- Born: Andrew Sebastian Williams 18 February 1970 (age 56) Manchester, Lancashire, England
- Genres: Indie rock
- Occupations: Musician, songwriter
- Instruments: Vocals, drums, percussion, keyboard, melodica, synthesiser, harmonica
- Years active: 1985–present
- Label: Heavenly Records
- Member of: Doves
- Formerly of: Sub Sub, Black Rivers
- Website: Doves' official website

= Andy Williams (drummer) =

Andrew Sebastian Williams (born 18 February 1970) is a British musician who is the drummer and vocalist of Doves. He is the son of noted modernist architect Desmond Williams and the twin brother of bandmate Jez.
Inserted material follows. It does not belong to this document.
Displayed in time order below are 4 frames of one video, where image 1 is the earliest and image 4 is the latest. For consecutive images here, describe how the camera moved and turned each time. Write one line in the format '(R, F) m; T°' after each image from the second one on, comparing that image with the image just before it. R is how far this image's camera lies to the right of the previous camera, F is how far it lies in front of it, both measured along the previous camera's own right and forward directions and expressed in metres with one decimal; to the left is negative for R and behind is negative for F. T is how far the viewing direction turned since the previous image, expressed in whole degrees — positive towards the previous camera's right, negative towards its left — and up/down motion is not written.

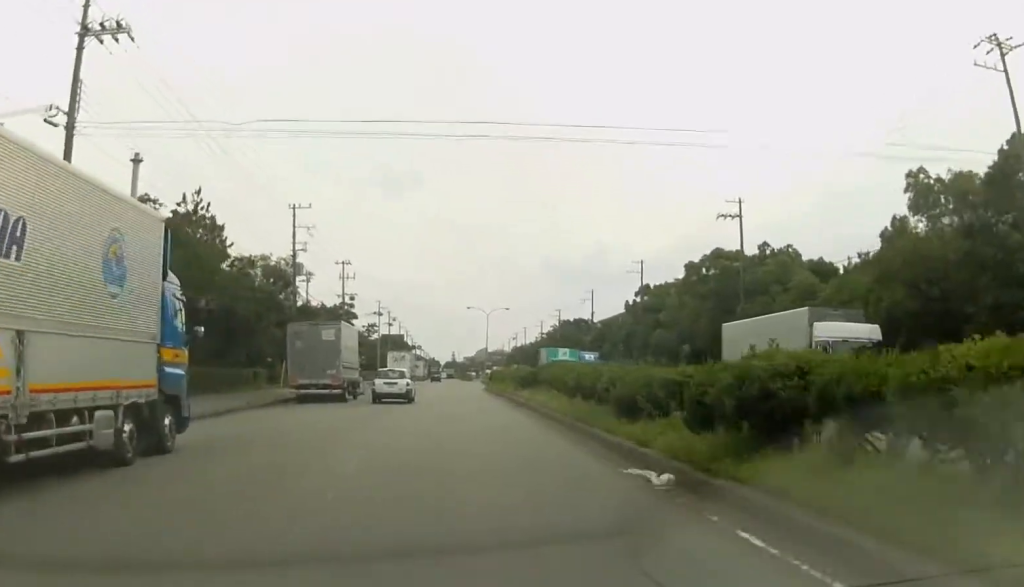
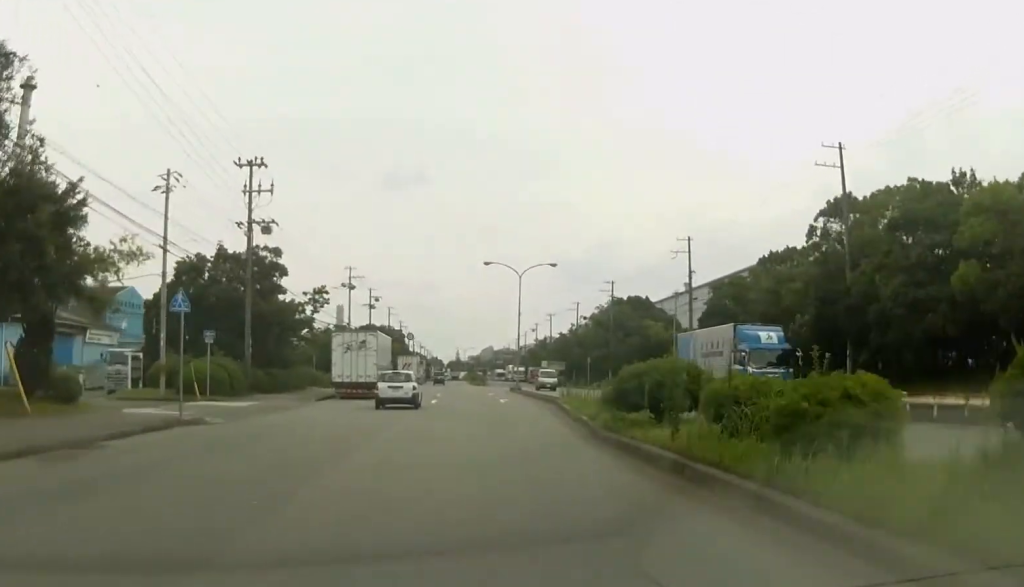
(-0.6, +46.2) m; 0°
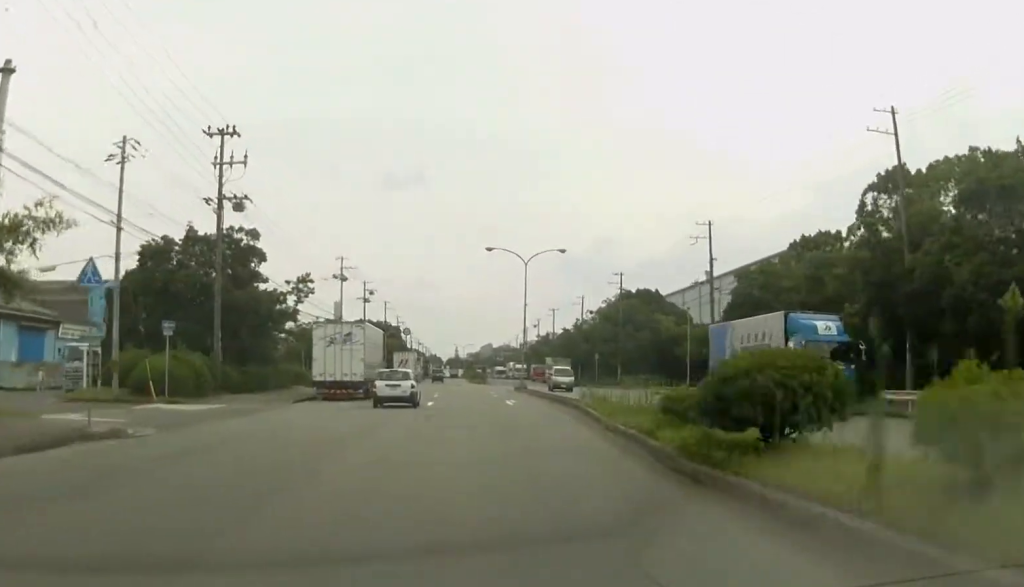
(+0.3, +6.2) m; 0°
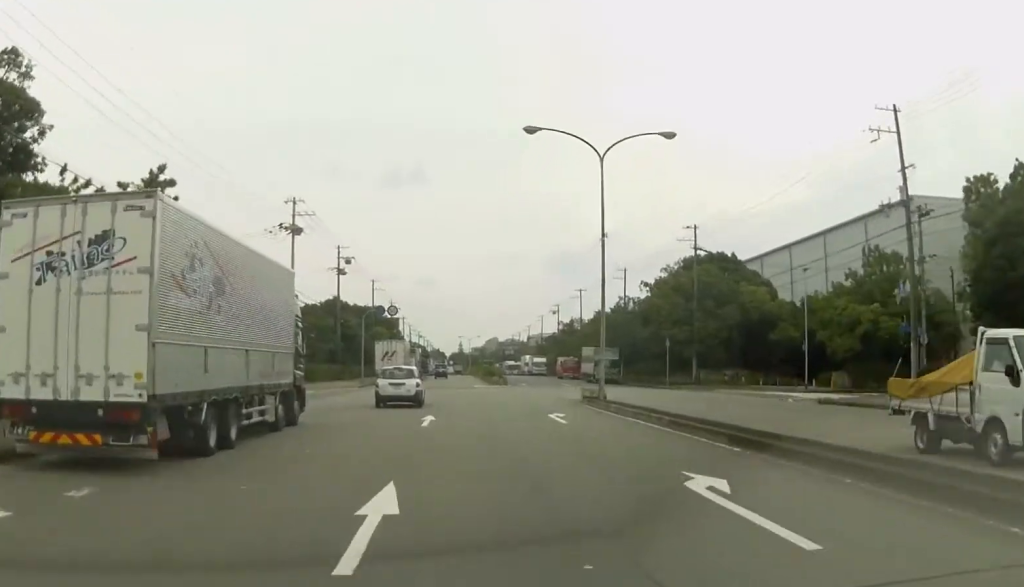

Andy and Jez were born in Manchester, England and have a brother Dominic and sister Sarah.

Before forming Doves, the band's three members were a dance-club music trio called Sub Sub.

While Doves were on a hiatus between 2010 and 2018, Andy and Jez Williams formed a side project called Black Rivers, releasing a self-titled album in February 2015.

Andy sings occasional backing vocals and also lead vocals on some songs; "Rise", "Melody Calls" and the verses of "Here It Comes" from Lost Souls, "M62 Song" from The Last Broadcast, the B-sides "Hit the Ground Running", "45" (verses) & "At The Tower" (chorus), "Shadows of Salford" from Some Cities and the verses of "Blue Water" from the special edition of The Places Between: The Best of Doves.

Andy plays the harmonica on several tracks, as well as the melodica during live acoustic versions of "Snowden" and "N.Y."

Andy and his brother Jez are both Manchester City fans.